_EXERCISE DATA_
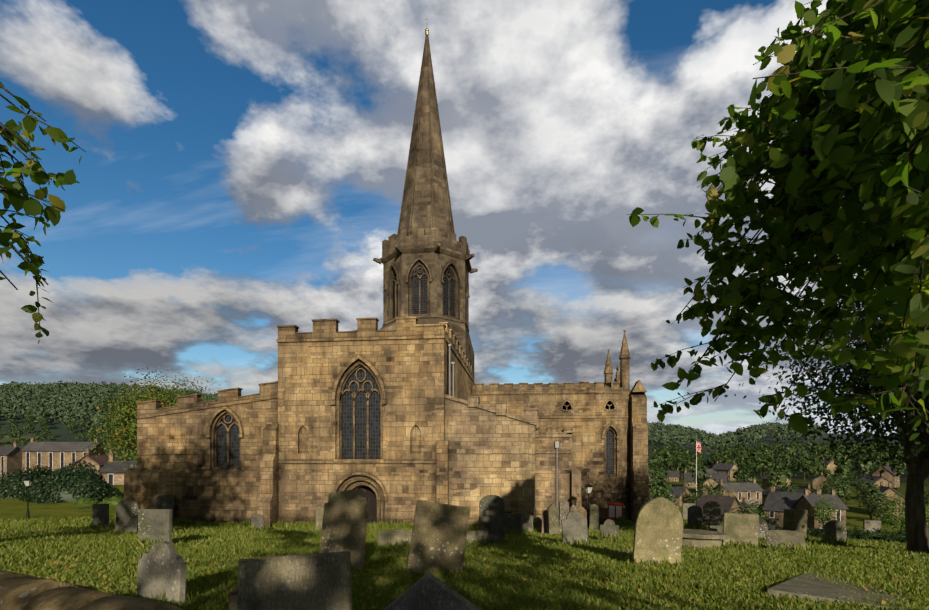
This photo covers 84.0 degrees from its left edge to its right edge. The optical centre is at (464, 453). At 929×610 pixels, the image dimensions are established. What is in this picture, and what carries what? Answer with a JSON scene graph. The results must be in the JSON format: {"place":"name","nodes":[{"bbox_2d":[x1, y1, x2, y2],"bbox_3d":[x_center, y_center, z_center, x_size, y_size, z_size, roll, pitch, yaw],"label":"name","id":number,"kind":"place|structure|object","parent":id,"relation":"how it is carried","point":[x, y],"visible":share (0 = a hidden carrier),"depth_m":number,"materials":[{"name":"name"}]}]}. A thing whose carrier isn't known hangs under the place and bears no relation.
{"place":"outdoors","nodes":[
{"label":"outdoors","id":0,"kind":"place"},
{"bbox_2d":[137,398,277,468],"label":"church wall","id":1,"kind":"structure","parent":0,"point":[176,441],"depth_m":31.40,"materials":[{"name":"beige stone"}]},
{"bbox_2d":[278,338,447,522],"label":"church wall","id":2,"kind":"structure","parent":0,"point":[413,374],"depth_m":30.07,"materials":[{"name":"beige stone"}]},
{"bbox_2d":[217,269,612,473],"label":"church windows","id":3,"kind":"structure","parent":2,"relation":"in","point":[361,426],"depth_m":30.59,"materials":[{"name":"black glass"}]},
{"bbox_2d":[380,318,473,384],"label":"tower base","id":4,"kind":"object","parent":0,"point":[458,329],"visible":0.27,"depth_m":47.57,"materials":[{"name":"brown stone"}]},
{"bbox_2d":[383,252,468,340],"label":"octagonal tower","id":5,"kind":"structure","parent":4,"relation":"on","point":[436,262],"depth_m":47.70,"materials":[{"name":"brown stone"}]},
{"bbox_2d":[0,0,904,435],"label":"sky","id":6,"kind":"structure","parent":0,"point":[241,172],"materials":[{"name":"blue"}]},
{"bbox_2d":[0,391,928,609],"bbox_3d":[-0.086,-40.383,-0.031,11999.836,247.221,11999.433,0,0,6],"label":"ground","id":7,"kind":"structure","parent":0,"point":[16,509],"depth_m":297.86,"materials":[{"name":"green plant"}]},
{"bbox_2d":[0,443,21,483],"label":"house","id":8,"kind":"structure","parent":7,"relation":"on","point":[10,458],"depth_m":189.80,"materials":[{"name":"stone"}]},
{"bbox_2d":[12,441,25,449],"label":"house","id":9,"kind":"structure","parent":7,"relation":"on","point":[21,447],"depth_m":206.86,"materials":[{"name":"stone"}]},
{"bbox_2d":[0,465,52,498],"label":"yew bush","id":10,"kind":"object","parent":7,"relation":"on","point":[12,485],"visible":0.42,"depth_m":56.61,"materials":[{"name":"green plant"}]},
{"bbox_2d":[23,477,32,517],"bbox_3d":[-32.722,3.219,38.654,0.460,3.194,0.460,0,0,-14],"label":"lamp post","id":11,"kind":"object","parent":7,"relation":"on","point":[28,479],"visible":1,"depth_m":38.61,"materials":[{"name":"black metal"}]},
{"bbox_2d":[0,82,85,343],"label":"overhanging tree","id":12,"kind":"object","parent":7,"relation":"on","point":[12,192],"visible":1,"depth_m":4.47,"materials":[{"name":"green plant"}]},
{"bbox_2d":[20,437,106,471],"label":"house","id":13,"kind":"structure","parent":7,"relation":"on","point":[54,455],"depth_m":157.91,"materials":[{"name":"stone"}]},
{"bbox_2d":[0,411,136,460],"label":"valley trees","id":14,"kind":"object","parent":7,"relation":"on","point":[44,434],"visible":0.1,"depth_m":577.26,"materials":[{"name":"green plant"}]},
{"bbox_2d":[18,460,122,503],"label":"yew bush","id":15,"kind":"object","parent":7,"relation":"on","point":[65,484],"visible":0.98,"depth_m":51.35,"materials":[{"name":"green plant"}]},
{"bbox_2d":[73,497,95,504],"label":"shrub","id":16,"kind":"object","parent":7,"relation":"on","point":[85,501],"visible":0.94,"depth_m":48.95,"materials":[{"name":"green plant"}]},
{"bbox_2d":[73,448,121,476],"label":"house","id":17,"kind":"structure","parent":7,"relation":"on","point":[99,461],"depth_m":116.66,"materials":[{"name":"stone"}]},
{"bbox_2d":[92,504,108,526],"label":"headstone","id":18,"kind":"object","parent":7,"relation":"on","point":[100,513],"visible":0.58,"depth_m":24.98,"materials":[{"name":"stone"}]},
{"bbox_2d":[100,495,123,504],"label":"shrub","id":19,"kind":"object","parent":7,"relation":"on","point":[115,500],"visible":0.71,"depth_m":48.84,"materials":[{"name":"green plant"}]},
{"bbox_2d":[98,454,136,484],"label":"house","id":20,"kind":"structure","parent":7,"relation":"on","point":[113,474],"depth_m":107.99,"materials":[{"name":"stone"}]},
{"bbox_2d":[115,499,138,533],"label":"headstone","id":21,"kind":"object","parent":7,"relation":"on","point":[126,513],"visible":0.85,"depth_m":20.84,"materials":[{"name":"grey stone"}]},
{"bbox_2d":[68,364,217,469],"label":"rowan tree","id":22,"kind":"object","parent":7,"relation":"on","point":[128,415],"visible":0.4,"depth_m":45.13,"materials":[{"name":"green plant"}]},
{"bbox_2d":[138,509,171,543],"bbox_3d":[-9.787,2.413,16.306,1.227,1.320,0.130,-1,-2,16],"label":"headstone","id":23,"kind":"object","parent":7,"relation":"on","point":[154,524],"visible":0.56,"depth_m":16.23,"materials":[{"name":"grey stone"}]},
{"bbox_2d":[137,541,186,604],"bbox_3d":[-4.046,1.665,6.886,0.796,0.981,0.110,0,-3,22],"label":"headstone","id":24,"kind":"object","parent":7,"relation":"on","point":[162,565],"visible":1,"depth_m":6.82,"materials":[{"name":"grey stone"}]},
{"bbox_2d":[156,496,174,520],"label":"headstone","id":25,"kind":"object","parent":7,"relation":"on","point":[168,502],"visible":0.46,"depth_m":30.94,"materials":[{"name":"stone"}]},
{"bbox_2d":[124,381,277,522],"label":"stone trim","id":26,"kind":"structure","parent":7,"relation":"on","point":[220,495],"depth_m":31.08,"materials":[{"name":"brown stone"}]},
{"bbox_2d":[229,589,237,609],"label":"headstone","id":27,"kind":"object","parent":7,"relation":"on","point":[233,594],"visible":0.4,"depth_m":5.11,"materials":[{"name":"stone"}]},
{"bbox_2d":[251,514,264,529],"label":"headstone","id":28,"kind":"object","parent":7,"relation":"on","point":[257,520],"visible":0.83,"depth_m":25.54,"materials":[{"name":"stone"}]},
{"bbox_2d":[237,551,351,609],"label":"headstone","id":29,"kind":"object","parent":7,"relation":"on","point":[318,581],"visible":1,"depth_m":4.92,"materials":[{"name":"grey stone"}]},
{"bbox_2d":[315,505,323,530],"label":"headstone","id":30,"kind":"object","parent":7,"relation":"on","point":[319,514],"visible":0.33,"depth_m":24.82,"materials":[{"name":"stone"}]},
{"bbox_2d":[319,488,368,569],"bbox_3d":[-2.623,1.709,11.181,1.131,1.875,0.130,-10,-24,24],"label":"headstone","id":31,"kind":"object","parent":7,"relation":"on","point":[344,523],"visible":0.79,"depth_m":11.16,"materials":[{"name":"grey stone"}]},
{"bbox_2d":[257,317,448,526],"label":"stone trim","id":32,"kind":"structure","parent":7,"relation":"on","point":[323,330],"depth_m":29.99,"materials":[{"name":"brown stone"}]},
{"bbox_2d":[360,486,376,523],"bbox_3d":[-5.951,3.476,31.248,1.600,3.100,0.001,0,0,6],"label":"door","id":33,"kind":"structure","parent":32,"relation":"attached to","point":[370,494],"depth_m":31.21,"materials":[{"name":"brown wood"}]},
{"bbox_2d":[448,344,454,396],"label":"drainpipe","id":34,"kind":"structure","parent":32,"relation":"attached to","point":[449,346],"depth_m":32.54,"materials":[{"name":"grey"}]},
{"bbox_2d":[377,529,411,545],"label":"headstone","id":35,"kind":"object","parent":7,"relation":"on","point":[389,535],"visible":0.56,"depth_m":16.84,"materials":[{"name":"stone"}]},
{"bbox_2d":[0,380,827,451],"bbox_3d":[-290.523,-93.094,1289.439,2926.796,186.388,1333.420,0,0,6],"label":"hill trees","id":36,"kind":"object","parent":7,"relation":"on","point":[60,405],"visible":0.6,"depth_m":866.23,"materials":[{"name":"green plant"}]},
{"bbox_2d":[373,34,477,331],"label":"spire","id":37,"kind":"structure","parent":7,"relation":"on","point":[426,224],"depth_m":49.46,"materials":[{"name":"brown stone"}]},
{"bbox_2d":[394,277,450,317],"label":"belfry louvres","id":38,"kind":"object","parent":37,"relation":"attached to","point":[424,294],"depth_m":47.91,"materials":[{"name":"wood"}]},
{"bbox_2d":[383,573,479,609],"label":"headstone","id":39,"kind":"object","parent":7,"relation":"on","point":[428,591],"visible":1,"depth_m":4.54,"materials":[{"name":"grey stone"}]},
{"bbox_2d":[406,500,469,573],"bbox_3d":[-0.525,1.784,10.372,1.098,1.572,0.130,9,-15,-7],"label":"headstone","id":40,"kind":"object","parent":7,"relation":"on","point":[439,536],"visible":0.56,"depth_m":10.33,"materials":[{"name":"grey stone"}]},
{"bbox_2d":[353,322,537,527],"bbox_3d":[-6.788,-0.164,40.193,24.180,15.380,19.900,0,0,6],"label":"aisle","id":41,"kind":"object","parent":7,"relation":"on","point":[491,451],"visible":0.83,"depth_m":29.46,"materials":[{"name":"stone"}]},
{"bbox_2d":[0,515,928,609],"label":"grass","id":42,"kind":"structure","parent":7,"relation":"on","point":[26,542],"depth_m":11.21,"materials":[{"name":"green plant"}]},
{"bbox_2d":[7,530,923,609],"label":"fallen leaves","id":43,"kind":"object","parent":7,"relation":"on","point":[472,597],"visible":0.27,"depth_m":9.03,"materials":[{"name":"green plant"}]},
{"bbox_2d":[466,530,483,543],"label":"headstone","id":44,"kind":"object","parent":7,"relation":"on","point":[476,535],"visible":0.35,"depth_m":17.73,"materials":[{"name":"stone"}]},
{"bbox_2d":[479,495,504,541],"bbox_3d":[1.023,2.520,19.242,0.953,1.986,0.120,0,4,8],"label":"headstone","id":45,"kind":"object","parent":7,"relation":"on","point":[492,516],"visible":0.92,"depth_m":19.17,"materials":[{"name":"grey stone"}]},
{"bbox_2d":[505,513,521,532],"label":"headstone","id":46,"kind":"object","parent":7,"relation":"on","point":[513,520],"visible":0.58,"depth_m":24.55,"materials":[{"name":"stone"}]},
{"bbox_2d":[522,514,532,531],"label":"headstone","id":47,"kind":"object","parent":7,"relation":"on","point":[527,521],"visible":0.65,"depth_m":26.41,"materials":[{"name":"stone"}]},
{"bbox_2d":[533,517,541,526],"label":"carved slab","id":48,"kind":"structure","parent":7,"relation":"on","point":[537,521],"depth_m":28.68,"materials":[{"name":"stone"}]},
{"bbox_2d":[541,510,547,533],"bbox_3d":[4.244,3.602,26.822,0.518,1.365,0.180,1,-14,1],"label":"gravestone","id":49,"kind":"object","parent":7,"relation":"on","point":[544,527],"depth_m":26.75,"materials":[{"name":"stone"}]},
{"bbox_2d":[547,504,559,534],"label":"carved slab","id":50,"kind":"structure","parent":7,"relation":"on","point":[553,520],"depth_m":25.86,"materials":[{"name":"stone"}]},
{"bbox_2d":[535,427,581,516],"bbox_3d":[6.677,3.064,38.586,3.500,9.924,5.451,0,0,6],"label":"porch","id":51,"kind":"object","parent":7,"relation":"on","point":[569,483],"visible":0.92,"depth_m":36.68,"materials":[{"name":"stone"}]},
{"bbox_2d":[555,441,558,507],"bbox_3d":[6.555,2.226,36.567,0.260,6.200,0.210,0,0,6],"label":"porch drainpipe","id":52,"kind":"object","parent":51,"relation":"attached to","point":[556,444],"visible":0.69,"depth_m":36.52,"materials":[{"name":"grey"}]},
{"bbox_2d":[472,330,648,524],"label":"transept trim","id":53,"kind":"structure","parent":7,"relation":"on","point":[639,483],"depth_m":44.00,"materials":[{"name":"brown stone"}]},
{"bbox_2d":[559,500,568,532],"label":"carved slab","id":54,"kind":"structure","parent":7,"relation":"on","point":[563,508],"depth_m":27.09,"materials":[{"name":"stone"}]},
{"bbox_2d":[569,504,576,511],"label":"carved slab","id":55,"kind":"structure","parent":7,"relation":"on","point":[573,507],"depth_m":29.23,"materials":[{"name":"stone"}]},
{"bbox_2d":[561,511,587,544],"bbox_3d":[3.917,2.737,18.328,0.905,1.408,0.110,-3,-3,-3],"label":"headstone","id":56,"kind":"object","parent":7,"relation":"on","point":[574,524],"visible":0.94,"depth_m":18.28,"materials":[{"name":"grey stone"}]},
{"bbox_2d":[577,507,586,517],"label":"carved slab","id":57,"kind":"structure","parent":7,"relation":"on","point":[582,511],"depth_m":30.48,"materials":[{"name":"stone"}]},
{"bbox_2d":[584,481,592,527],"bbox_3d":[7.994,3.324,33.243,0.460,3.144,0.460,0,0,-14],"label":"lamp post","id":58,"kind":"object","parent":7,"relation":"on","point":[588,485],"visible":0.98,"depth_m":33.19,"materials":[{"name":"black metal"}]},
{"bbox_2d":[589,504,598,529],"bbox_3d":[8.062,3.987,31.950,0.563,1.745,0.180,3,-5,22],"label":"gravestone","id":59,"kind":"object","parent":7,"relation":"on","point":[594,517],"depth_m":31.88,"materials":[{"name":"stone"}]},
{"bbox_2d":[600,519,618,540],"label":"headstone","id":60,"kind":"object","parent":7,"relation":"on","point":[608,526],"visible":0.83,"depth_m":21.02,"materials":[{"name":"stone"}]},
{"bbox_2d":[607,503,623,518],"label":"notice board","id":61,"kind":"object","parent":7,"relation":"on","point":[615,510],"visible":0.85,"depth_m":42.21,"materials":[{"name":"red paint"}]},
{"bbox_2d":[613,516,634,526],"bbox_3d":[12.128,5.470,39.601,2.377,1.400,1.737,0,0,6],"label":"shrub","id":62,"kind":"object","parent":7,"relation":"on","point":[624,521],"visible":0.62,"depth_m":39.13,"materials":[{"name":"green plant"}]},
{"bbox_2d":[606,549,682,559],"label":"ledger slab","id":63,"kind":"structure","parent":7,"relation":"on","point":[624,551],"depth_m":15.63,"materials":[{"name":"stone"}]},
{"bbox_2d":[632,497,682,564],"bbox_3d":[4.605,1.922,12.253,1.110,1.800,0.120,3,3,1],"label":"headstone","id":64,"kind":"object","parent":7,"relation":"on","point":[658,533],"visible":0.9,"depth_m":12.19,"materials":[{"name":"beige stone"}]},
{"bbox_2d":[649,468,679,481],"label":"house","id":65,"kind":"structure","parent":7,"relation":"on","point":[675,476],"depth_m":292.35,"materials":[{"name":"stone"}]},
{"bbox_2d":[670,482,693,506],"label":"house","id":66,"kind":"structure","parent":7,"relation":"on","point":[684,491],"depth_m":186.61,"materials":[{"name":"stone"}]},
{"bbox_2d":[683,503,694,519],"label":"headstone","id":67,"kind":"object","parent":7,"relation":"on","point":[686,506],"visible":0.46,"depth_m":56.67,"materials":[{"name":"stone"}]},
{"bbox_2d":[687,505,701,527],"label":"headstone","id":68,"kind":"object","parent":7,"relation":"on","point":[694,514],"visible":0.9,"depth_m":33.41,"materials":[{"name":"stone"}]},
{"bbox_2d":[696,441,700,496],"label":"flagpole","id":69,"kind":"object","parent":7,"relation":"on","point":[698,446],"visible":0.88,"depth_m":205.91,"materials":[{"name":"metal"}]},
{"bbox_2d":[688,466,716,472],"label":"house","id":70,"kind":"structure","parent":7,"relation":"on","point":[711,471],"depth_m":314.54,"materials":[{"name":"stone"}]},
{"bbox_2d":[682,529,728,547],"bbox_3d":[8.114,3.064,18.189,2.170,0.625,1.400,0,0,31],"label":"chest tomb","id":71,"kind":"object","parent":7,"relation":"on","point":[698,538],"visible":0.54,"depth_m":17.62,"materials":[{"name":"grey stone"}]},
{"bbox_2d":[684,470,726,487],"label":"house","id":72,"kind":"structure","parent":7,"relation":"on","point":[689,481],"depth_m":251.53,"materials":[{"name":"stone"}]},
{"bbox_2d":[697,474,717,491],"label":"house","id":73,"kind":"structure","parent":7,"relation":"on","point":[710,478],"depth_m":222.48,"materials":[{"name":"stone"}]},
{"bbox_2d":[703,501,720,527],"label":"headstone","id":74,"kind":"object","parent":7,"relation":"on","point":[711,512],"visible":0.85,"depth_m":36.19,"materials":[{"name":"stone"}]},
{"bbox_2d":[709,525,722,531],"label":"headstone","id":75,"kind":"object","parent":7,"relation":"on","point":[718,528],"visible":0.25,"depth_m":20.11,"materials":[{"name":"stone"}]},
{"bbox_2d":[696,488,742,522],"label":"house","id":76,"kind":"structure","parent":7,"relation":"on","point":[727,503],"depth_m":118.61,"materials":[{"name":"stone"}]},
{"bbox_2d":[714,482,729,495],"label":"house","id":77,"kind":"structure","parent":7,"relation":"on","point":[727,492],"depth_m":171.72,"materials":[{"name":"stone"}]},
{"bbox_2d":[712,460,738,480],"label":"house","id":78,"kind":"structure","parent":7,"relation":"on","point":[727,468],"depth_m":305.53,"materials":[{"name":"stone"}]},
{"bbox_2d":[714,478,763,506],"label":"house","id":79,"kind":"structure","parent":7,"relation":"on","point":[752,490],"depth_m":175.68,"materials":[{"name":"stone"}]},
{"bbox_2d":[722,513,758,546],"bbox_3d":[9.590,2.774,17.937,1.113,1.390,0.120,2,2,12],"label":"headstone","id":80,"kind":"object","parent":7,"relation":"on","point":[737,527],"visible":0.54,"depth_m":17.87,"materials":[{"name":"grey stone"}]},
{"bbox_2d":[740,497,754,513],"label":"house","id":81,"kind":"structure","parent":7,"relation":"on","point":[744,500],"depth_m":133.84,"materials":[{"name":"stone"}]},
{"bbox_2d":[747,501,757,512],"bbox_3d":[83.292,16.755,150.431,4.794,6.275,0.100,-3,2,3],"label":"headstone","id":82,"kind":"object","parent":7,"relation":"on","point":[752,502],"visible":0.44,"depth_m":150.25,"materials":[{"name":"stone"}]},
{"bbox_2d":[758,517,767,537],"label":"headstone","id":83,"kind":"object","parent":7,"relation":"on","point":[763,527],"visible":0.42,"depth_m":22.09,"materials":[{"name":"stone"}]},
{"bbox_2d":[764,518,778,530],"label":"headstone","id":84,"kind":"object","parent":7,"relation":"on","point":[773,523],"visible":0.44,"depth_m":24.79,"materials":[{"name":"stone"}]},
{"bbox_2d":[761,471,791,488],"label":"house","id":85,"kind":"structure","parent":7,"relation":"on","point":[765,482],"depth_m":243.33,"materials":[{"name":"stone"}]},
{"bbox_2d":[648,441,905,485],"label":"valley trees","id":86,"kind":"object","parent":7,"relation":"on","point":[681,459],"visible":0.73,"depth_m":369.45,"materials":[{"name":"green plant"}]},
{"bbox_2d":[627,0,928,440],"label":"lime tree","id":87,"kind":"object","parent":7,"relation":"on","point":[843,109],"visible":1,"depth_m":4.52,"materials":[{"name":"green plant"}]},
{"bbox_2d":[765,530,805,548],"bbox_3d":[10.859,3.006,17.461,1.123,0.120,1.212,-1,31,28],"label":"headstone","id":88,"kind":"object","parent":7,"relation":"on","point":[776,537],"visible":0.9,"depth_m":17.56,"materials":[{"name":"grey stone"}]},
{"bbox_2d":[648,461,928,528],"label":"valley trees","id":89,"kind":"object","parent":7,"relation":"on","point":[658,486],"visible":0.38,"depth_m":135.57,"materials":[{"name":"green plant"}]},
{"bbox_2d":[762,485,815,502],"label":"house","id":90,"kind":"structure","parent":7,"relation":"on","point":[765,493],"depth_m":179.52,"materials":[{"name":"stone"}]},
{"bbox_2d":[762,485,820,526],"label":"house","id":91,"kind":"structure","parent":7,"relation":"on","point":[776,503],"depth_m":133.78,"materials":[{"name":"stone"}]},
{"bbox_2d":[783,509,807,537],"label":"headstone","id":92,"kind":"object","parent":7,"relation":"on","point":[794,519],"visible":0.58,"depth_m":22.27,"materials":[{"name":"grey stone"}]},
{"bbox_2d":[806,527,823,536],"bbox_3d":[17.828,4.242,25.511,3.564,1.250,1.339,0,0,6],"label":"hedge","id":93,"kind":"object","parent":7,"relation":"on","point":[812,532],"visible":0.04,"depth_m":25.41,"materials":[{"name":"green plant"}]},
{"bbox_2d":[792,488,848,529],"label":"house","id":94,"kind":"structure","parent":7,"relation":"on","point":[806,501],"depth_m":125.42,"materials":[{"name":"stone"}]},
{"bbox_2d":[811,472,831,488],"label":"house","id":95,"kind":"structure","parent":7,"relation":"on","point":[816,480],"depth_m":241.01,"materials":[{"name":"stone"}]},
{"bbox_2d":[724,269,928,553],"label":"dark tree","id":96,"kind":"object","parent":7,"relation":"on","point":[915,458],"visible":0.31,"depth_m":17.53,"materials":[{"name":"green plant"}]},
{"bbox_2d":[818,457,836,474],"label":"house","id":97,"kind":"structure","parent":7,"relation":"on","point":[831,466],"depth_m":358.98,"materials":[{"name":"stone"}]},
{"bbox_2d":[813,529,856,537],"bbox_3d":[18.324,4.142,24.769,3.586,1.175,1.483,0,0,6],"label":"hedge","id":98,"kind":"object","parent":7,"relation":"on","point":[819,534],"visible":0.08,"depth_m":24.85,"materials":[{"name":"green plant"}]},
{"bbox_2d":[824,520,846,542],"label":"headstone","id":99,"kind":"object","parent":7,"relation":"on","point":[835,528],"visible":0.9,"depth_m":20.20,"materials":[{"name":"stone"}]},
{"bbox_2d":[767,570,907,609],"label":"ledger slab","id":100,"kind":"structure","parent":7,"relation":"on","point":[813,588],"depth_m":8.03,"materials":[{"name":"grey stone"}]},
{"bbox_2d":[847,527,882,538],"bbox_3d":[18.552,4.051,23.901,3.518,1.249,1.409,0,0,6],"label":"hedge","id":101,"kind":"object","parent":7,"relation":"on","point":[850,534],"visible":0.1,"depth_m":23.95,"materials":[{"name":"green plant"}]},
{"bbox_2d":[811,493,928,531],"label":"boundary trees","id":102,"kind":"object","parent":7,"relation":"on","point":[900,523],"visible":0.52,"depth_m":32.16,"materials":[{"name":"green plant"}]},
{"bbox_2d":[849,527,893,539],"bbox_3d":[19.073,3.965,23.124,3.672,1.331,1.449,0,0,6],"label":"hedge","id":103,"kind":"object","parent":7,"relation":"on","point":[872,535],"visible":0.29,"depth_m":23.11,"materials":[{"name":"green plant"}]},
{"bbox_2d":[863,520,880,531],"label":"headstone","id":104,"kind":"object","parent":7,"relation":"on","point":[869,525],"visible":0.48,"depth_m":24.43,"materials":[{"name":"stone"}]},
{"bbox_2d":[856,473,892,498],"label":"house","id":105,"kind":"structure","parent":7,"relation":"on","point":[878,479],"depth_m":190.78,"materials":[{"name":"stone"}]},
{"bbox_2d":[866,481,904,515],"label":"house","id":106,"kind":"structure","parent":7,"relation":"on","point":[890,491],"depth_m":155.78,"materials":[{"name":"stone"}]},
{"bbox_2d":[866,530,905,542],"bbox_3d":[19.166,3.912,22.303,3.648,1.266,1.360,0,0,6],"label":"hedge","id":107,"kind":"object","parent":7,"relation":"on","point":[889,537],"visible":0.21,"depth_m":22.27,"materials":[{"name":"green plant"}]},
{"bbox_2d":[872,463,900,488],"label":"house","id":108,"kind":"structure","parent":7,"relation":"on","point":[888,474],"depth_m":241.45,"materials":[{"name":"stone"}]},
{"bbox_2d":[881,534,906,544],"bbox_3d":[19.622,3.814,21.569,3.634,1.333,1.358,0,0,6],"label":"hedge","id":109,"kind":"object","parent":7,"relation":"on","point":[901,539],"visible":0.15,"depth_m":21.73,"materials":[{"name":"green plant"}]},
{"bbox_2d":[471,391,630,510],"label":"transept wall","id":110,"kind":"structure","parent":0,"point":[588,450],"depth_m":44.24,"materials":[{"name":"beige stone"}]},
{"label":"wall","id":111,"kind":"object","parent":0,"visible":0},
{"bbox_2d":[0,570,182,609],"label":"coping wall","id":112,"kind":"structure","parent":111,"relation":"on","point":[19,591],"depth_m":4.08,"materials":[{"name":"stone"}]}
]}

_EXERCISE DESCRIPTION_
Work out how many lines of the records contain the word "outdoors". Give that number and nothing more.

_ANSWER BOX_
2